◆ SUPPLIED MATERIAL ◆
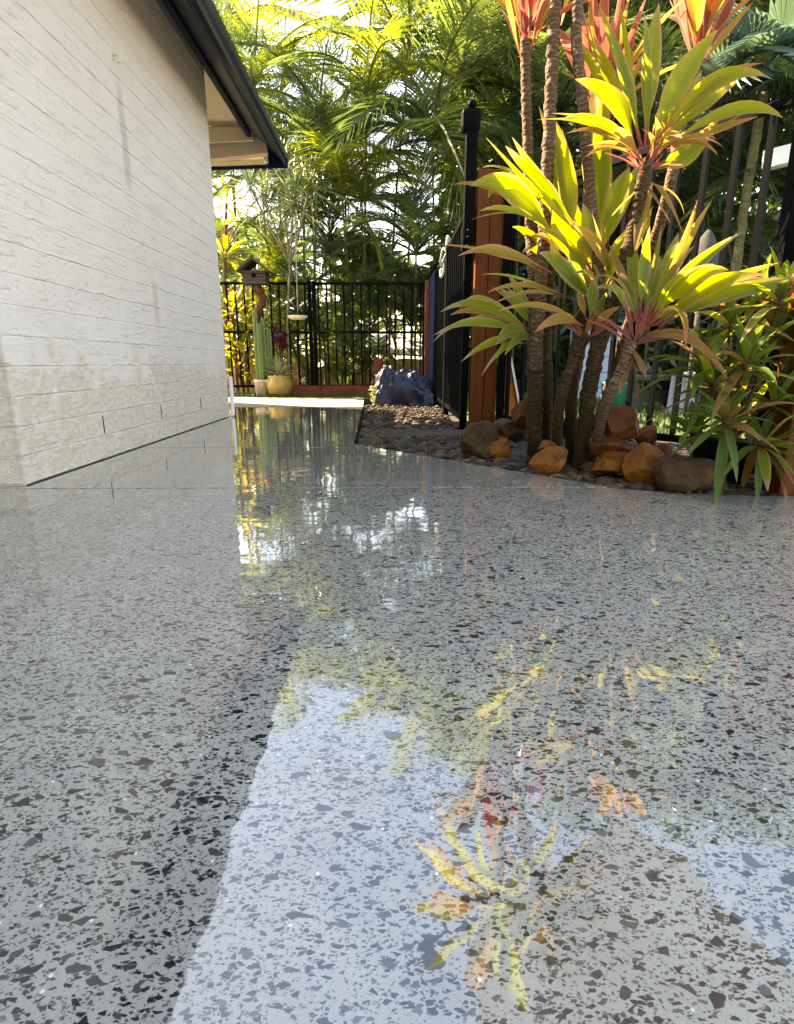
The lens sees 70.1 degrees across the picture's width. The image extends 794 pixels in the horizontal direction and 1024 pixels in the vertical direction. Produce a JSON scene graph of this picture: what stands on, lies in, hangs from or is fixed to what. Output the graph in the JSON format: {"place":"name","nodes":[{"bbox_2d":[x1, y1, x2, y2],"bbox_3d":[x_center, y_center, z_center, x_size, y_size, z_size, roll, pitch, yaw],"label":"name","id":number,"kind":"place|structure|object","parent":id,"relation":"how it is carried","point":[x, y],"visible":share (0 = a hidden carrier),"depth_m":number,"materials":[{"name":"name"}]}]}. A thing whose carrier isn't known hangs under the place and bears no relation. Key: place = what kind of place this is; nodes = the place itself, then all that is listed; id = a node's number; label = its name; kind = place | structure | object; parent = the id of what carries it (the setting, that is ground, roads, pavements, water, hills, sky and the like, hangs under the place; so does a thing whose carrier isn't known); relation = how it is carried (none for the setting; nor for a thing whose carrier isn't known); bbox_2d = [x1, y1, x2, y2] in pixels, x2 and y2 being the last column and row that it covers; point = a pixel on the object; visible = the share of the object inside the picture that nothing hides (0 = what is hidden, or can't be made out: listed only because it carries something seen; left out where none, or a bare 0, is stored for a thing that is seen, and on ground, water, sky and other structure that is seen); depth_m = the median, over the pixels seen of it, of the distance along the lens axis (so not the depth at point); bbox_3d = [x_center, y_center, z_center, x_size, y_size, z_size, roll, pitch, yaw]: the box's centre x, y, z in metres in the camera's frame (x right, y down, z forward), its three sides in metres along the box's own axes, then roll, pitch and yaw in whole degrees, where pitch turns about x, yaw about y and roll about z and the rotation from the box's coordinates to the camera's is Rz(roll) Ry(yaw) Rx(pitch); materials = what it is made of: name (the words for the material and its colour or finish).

==

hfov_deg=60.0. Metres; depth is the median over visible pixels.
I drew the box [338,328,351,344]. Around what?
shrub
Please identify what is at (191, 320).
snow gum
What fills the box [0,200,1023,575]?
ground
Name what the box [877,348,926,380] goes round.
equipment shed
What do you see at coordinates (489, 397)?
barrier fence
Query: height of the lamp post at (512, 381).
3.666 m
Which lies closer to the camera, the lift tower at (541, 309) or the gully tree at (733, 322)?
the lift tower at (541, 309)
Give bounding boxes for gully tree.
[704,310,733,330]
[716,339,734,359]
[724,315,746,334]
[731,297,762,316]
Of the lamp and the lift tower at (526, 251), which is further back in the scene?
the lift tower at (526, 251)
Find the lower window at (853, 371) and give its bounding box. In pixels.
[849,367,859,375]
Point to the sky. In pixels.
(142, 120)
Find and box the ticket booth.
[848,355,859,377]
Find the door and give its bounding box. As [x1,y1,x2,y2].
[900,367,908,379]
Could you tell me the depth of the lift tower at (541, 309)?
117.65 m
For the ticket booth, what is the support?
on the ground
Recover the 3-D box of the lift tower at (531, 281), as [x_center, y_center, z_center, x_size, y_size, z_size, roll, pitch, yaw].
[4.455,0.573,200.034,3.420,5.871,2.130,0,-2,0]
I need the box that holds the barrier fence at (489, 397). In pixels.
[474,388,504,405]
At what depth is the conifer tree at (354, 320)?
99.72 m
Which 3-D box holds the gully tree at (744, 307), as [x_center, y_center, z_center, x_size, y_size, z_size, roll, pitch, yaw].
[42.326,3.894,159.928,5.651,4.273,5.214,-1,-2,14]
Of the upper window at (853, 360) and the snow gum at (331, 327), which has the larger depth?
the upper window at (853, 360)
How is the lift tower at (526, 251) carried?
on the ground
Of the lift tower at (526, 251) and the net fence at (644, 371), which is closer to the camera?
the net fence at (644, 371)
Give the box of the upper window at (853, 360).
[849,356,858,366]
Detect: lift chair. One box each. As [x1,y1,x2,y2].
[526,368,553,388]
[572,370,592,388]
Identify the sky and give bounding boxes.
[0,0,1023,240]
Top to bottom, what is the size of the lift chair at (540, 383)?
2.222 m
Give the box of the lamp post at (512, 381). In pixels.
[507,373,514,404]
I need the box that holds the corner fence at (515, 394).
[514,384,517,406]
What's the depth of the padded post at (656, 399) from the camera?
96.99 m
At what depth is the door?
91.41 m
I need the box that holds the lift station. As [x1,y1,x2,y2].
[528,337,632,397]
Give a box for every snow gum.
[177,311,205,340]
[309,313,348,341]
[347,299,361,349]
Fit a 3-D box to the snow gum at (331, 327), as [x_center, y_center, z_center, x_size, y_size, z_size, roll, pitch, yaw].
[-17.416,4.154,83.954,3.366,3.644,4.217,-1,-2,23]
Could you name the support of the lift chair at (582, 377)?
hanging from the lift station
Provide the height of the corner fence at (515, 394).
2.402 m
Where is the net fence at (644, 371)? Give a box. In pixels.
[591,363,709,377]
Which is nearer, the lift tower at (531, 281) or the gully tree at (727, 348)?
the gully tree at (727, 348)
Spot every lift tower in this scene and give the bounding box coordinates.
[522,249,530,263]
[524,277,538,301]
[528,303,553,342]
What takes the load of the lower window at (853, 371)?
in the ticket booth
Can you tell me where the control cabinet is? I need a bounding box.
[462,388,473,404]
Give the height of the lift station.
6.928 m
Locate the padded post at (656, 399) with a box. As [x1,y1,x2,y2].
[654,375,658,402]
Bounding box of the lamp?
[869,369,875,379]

==

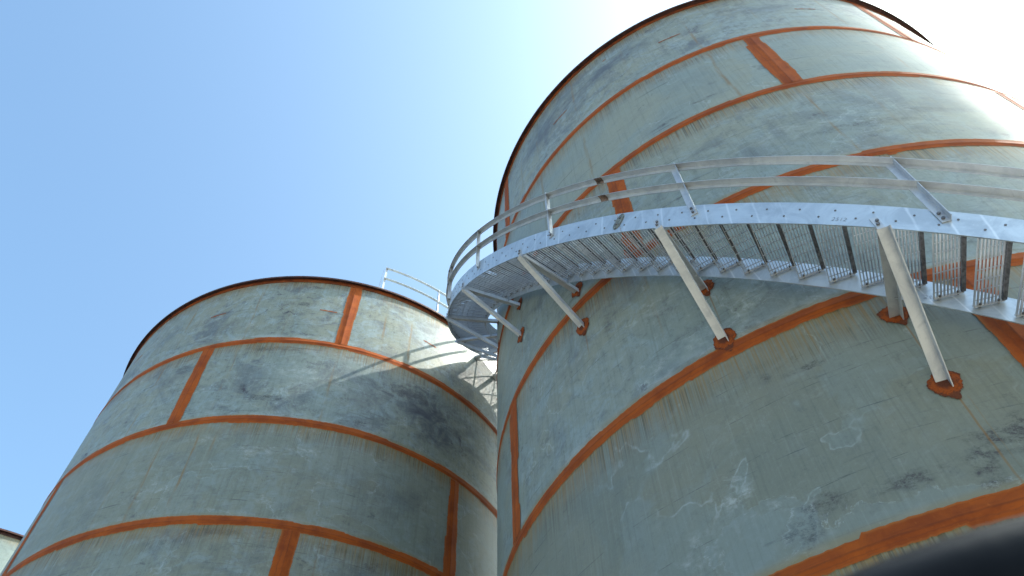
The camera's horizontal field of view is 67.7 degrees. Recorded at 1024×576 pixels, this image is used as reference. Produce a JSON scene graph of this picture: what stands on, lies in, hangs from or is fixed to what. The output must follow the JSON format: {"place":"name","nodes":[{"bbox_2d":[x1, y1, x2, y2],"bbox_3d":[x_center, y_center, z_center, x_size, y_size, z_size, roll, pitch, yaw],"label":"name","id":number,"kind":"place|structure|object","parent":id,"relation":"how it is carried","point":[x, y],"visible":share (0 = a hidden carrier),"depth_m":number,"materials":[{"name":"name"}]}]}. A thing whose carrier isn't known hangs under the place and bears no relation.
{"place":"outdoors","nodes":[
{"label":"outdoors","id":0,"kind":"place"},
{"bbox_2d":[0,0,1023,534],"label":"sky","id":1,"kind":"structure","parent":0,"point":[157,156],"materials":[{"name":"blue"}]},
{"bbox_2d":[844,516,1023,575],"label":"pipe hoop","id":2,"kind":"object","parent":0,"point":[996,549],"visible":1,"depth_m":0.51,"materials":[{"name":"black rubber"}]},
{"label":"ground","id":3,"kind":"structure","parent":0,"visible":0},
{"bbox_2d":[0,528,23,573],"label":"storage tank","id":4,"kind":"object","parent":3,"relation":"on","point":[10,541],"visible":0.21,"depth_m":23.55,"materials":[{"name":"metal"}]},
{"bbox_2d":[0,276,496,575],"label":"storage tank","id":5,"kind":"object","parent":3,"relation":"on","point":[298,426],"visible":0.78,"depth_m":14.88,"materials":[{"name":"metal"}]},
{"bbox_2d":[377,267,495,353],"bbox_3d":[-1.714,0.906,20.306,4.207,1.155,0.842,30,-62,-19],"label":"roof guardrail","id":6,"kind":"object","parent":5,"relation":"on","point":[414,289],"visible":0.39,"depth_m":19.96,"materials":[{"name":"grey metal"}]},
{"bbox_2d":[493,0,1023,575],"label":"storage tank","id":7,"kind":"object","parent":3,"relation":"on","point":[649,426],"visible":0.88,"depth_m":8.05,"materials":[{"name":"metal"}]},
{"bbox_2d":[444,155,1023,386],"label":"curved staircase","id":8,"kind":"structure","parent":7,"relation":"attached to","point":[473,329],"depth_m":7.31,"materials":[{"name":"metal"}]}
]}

◆ INSTRUCTIONS FOR THE TASK ◆
Working from the material above, retype exactly the lines from the one with "Identify the sky and give bounding boxes." through the one with "[514,384,517,406]", both included, and only those lines.

◆ TASK OUTPUT ◆
Identify the sky and give bounding boxes.
[0,0,1023,240]
Top to bottom, what is the size of the lift chair at (540, 383)?
2.222 m
Give the box of the lamp post at (512, 381). In pixels.
[507,373,514,404]
I need the box that holds the corner fence at (515, 394).
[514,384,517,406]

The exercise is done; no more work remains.